My name is Sheila Wood and I was very lucky to have known a lady called Beatrice Helen Poole.  She was born in 1877 and I knew her when I was married to her great, great nephew. She came from her home in London to live with his parents in Penn, Wolverhampton when she became frail.I was 21 years old when I first met her at her home in London.  She told me (to use her own words) that she had lived in single blessedness all her life.  She was the youngest of 23 children brought up in The Tudor House, Southampton, now a museum.  I absolutely adored her because like me she loved poetry and writing and despite the difference in our ages we had a great deal in common. She was in her nineties when she died and beforehand among other things, she gave me her notebooks containing her poetry, written from the age of 15, until middle age. She was in her late nineties when she died and I missed our precious chats about her life and loves. She made me feel very special, because she couldn’t understand why I would want to spend so much time with a very old lady.  She told me she cherished my visits and said “Darling, you are just a little lower than the angels”. Of course, I am not at all, but that indicates how quaint and sweet she was. My daughter Katy is one of the few descendants of the Poole family and some of the small gifts I received from “Auntie Babs” have now, with my daughter’s permission, been loaned to The Tudor House for display in the museum.

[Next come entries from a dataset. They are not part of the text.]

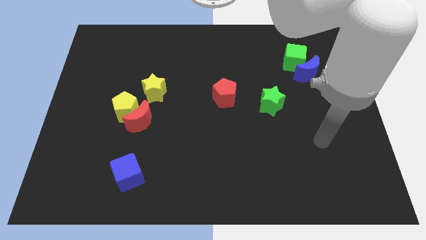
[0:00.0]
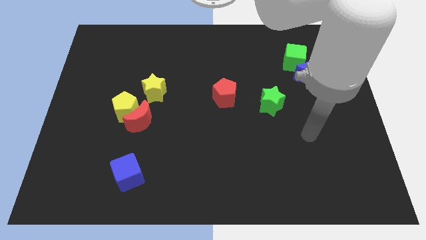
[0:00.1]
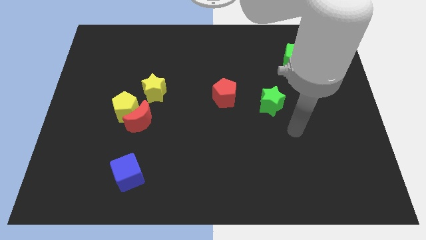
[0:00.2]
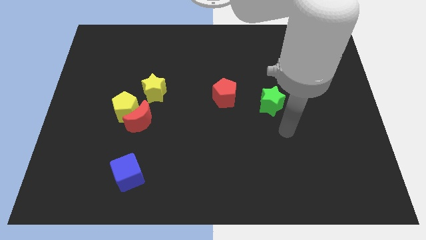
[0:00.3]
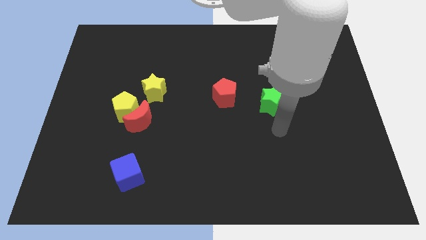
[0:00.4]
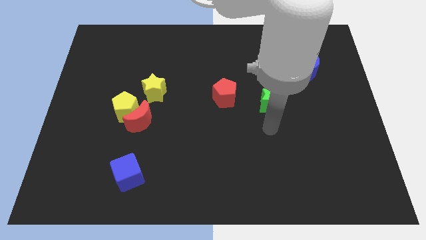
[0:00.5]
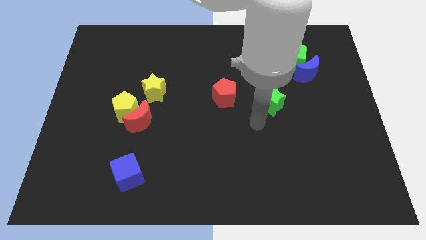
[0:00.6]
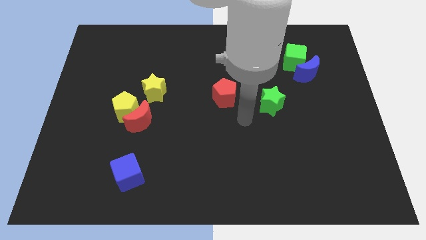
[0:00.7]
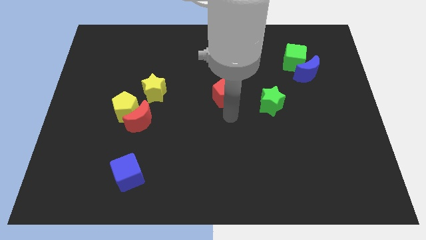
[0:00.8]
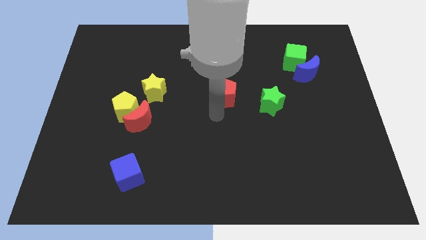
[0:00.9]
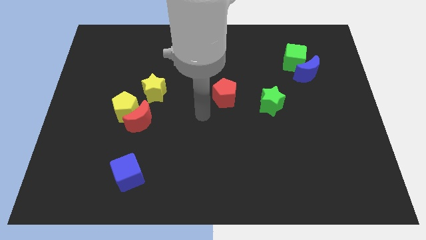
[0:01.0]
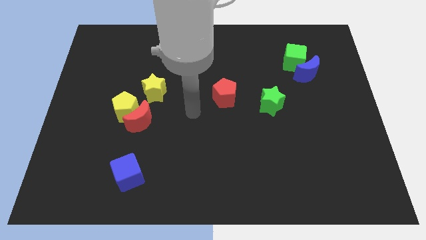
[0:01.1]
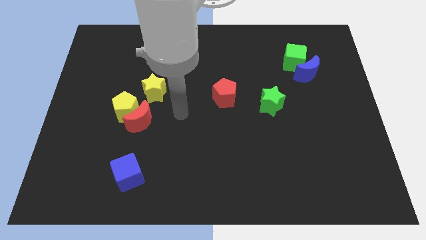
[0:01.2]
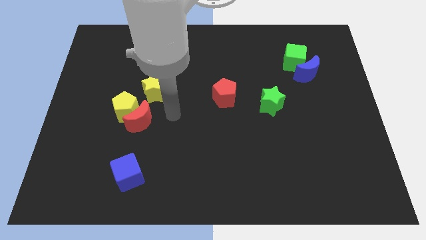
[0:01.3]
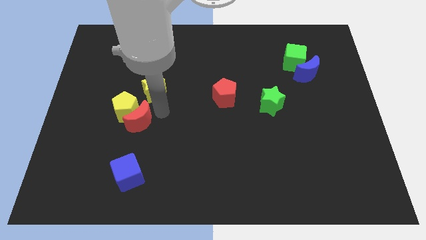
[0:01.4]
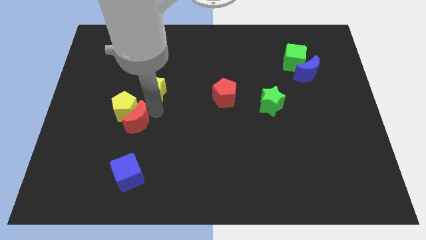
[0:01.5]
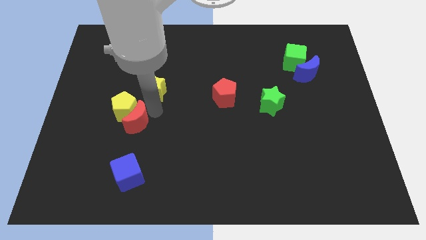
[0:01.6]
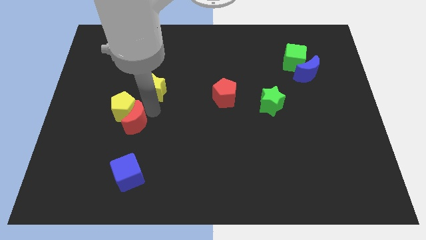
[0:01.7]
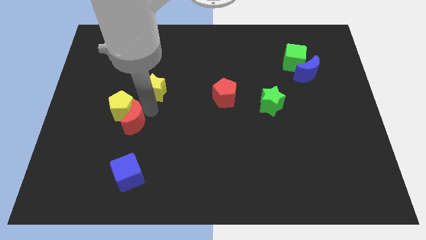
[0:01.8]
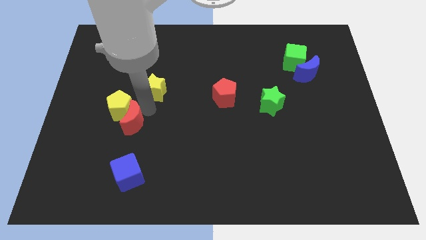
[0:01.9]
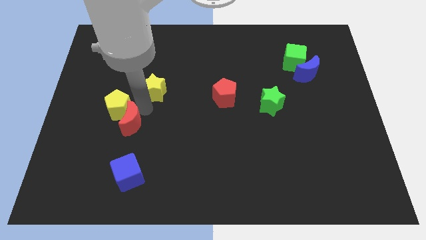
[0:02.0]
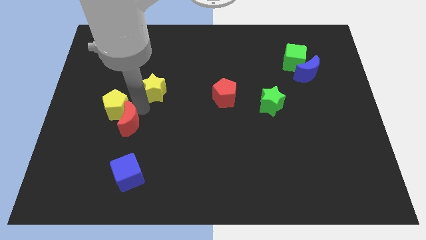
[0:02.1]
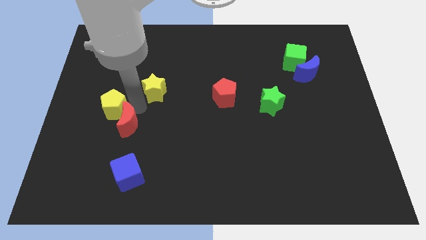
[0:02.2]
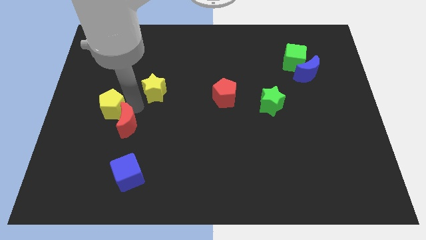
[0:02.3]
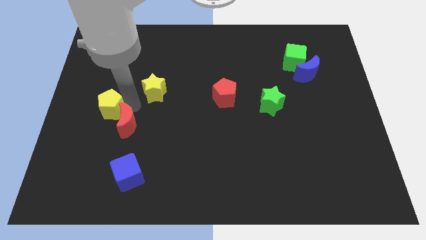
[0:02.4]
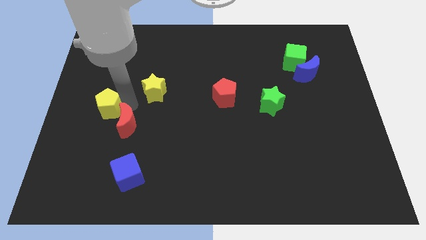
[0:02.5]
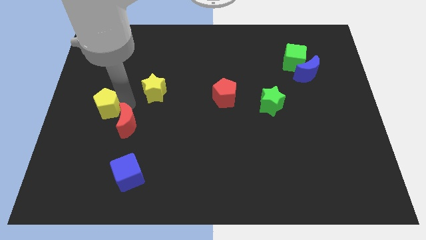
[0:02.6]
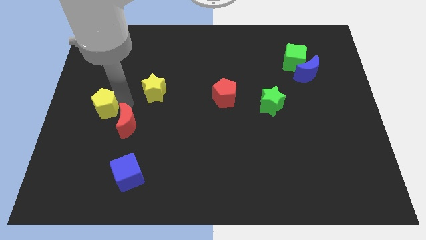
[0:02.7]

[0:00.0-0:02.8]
slide the yellow pentagon to the center left

After she died my life became complicated and took many turns, some good, some bad and yet I still often would read some of her poems and feel very close to her and take comfort from  her writing. The books were put in a box many years ago and following several house moves, the box disappeared.

I now live with my present husband in Stourport on Severn, and during a clear out of our garage last month, we found the box and the books of poetry.  It is astonishing to think that the poems Auntie Babs wrote during World War One are now 100 years old.  I intend to try and scan some of them but to get started this is a poem she wrote 10 days after war was declared.  It is dated 14th August 1914 and is entitled “The Bugle Call”. I have not altered it in any way.  It is entirely her own poem.

THE BUGLE CALL
(August 14th 1914)
By Beatrice Poole

Oh Comrades, do you hear it – do you hear the bugle call
That’s bidding you to muster round our king?
To save our land of freedom from a despot’s horrid thrall
Let a shout for dear old England now out ring
Oh Comrades do you hear the bugle call?

Oh mothers do you hear it – do you hear the bugle call
That bids you give your strongest and your best?
Give – though your hearts be breaking and pray the Lord of all
To guard our noble armies – so will our men be blessed
While marching to the bugle call

Oh Englishmen and women do you hear the bugle call
That bids us fight the battle from afar?
By praying, working, hoping and giving great and small
To help our brave men fighting at the war
Oh England will you answer to the bugle call?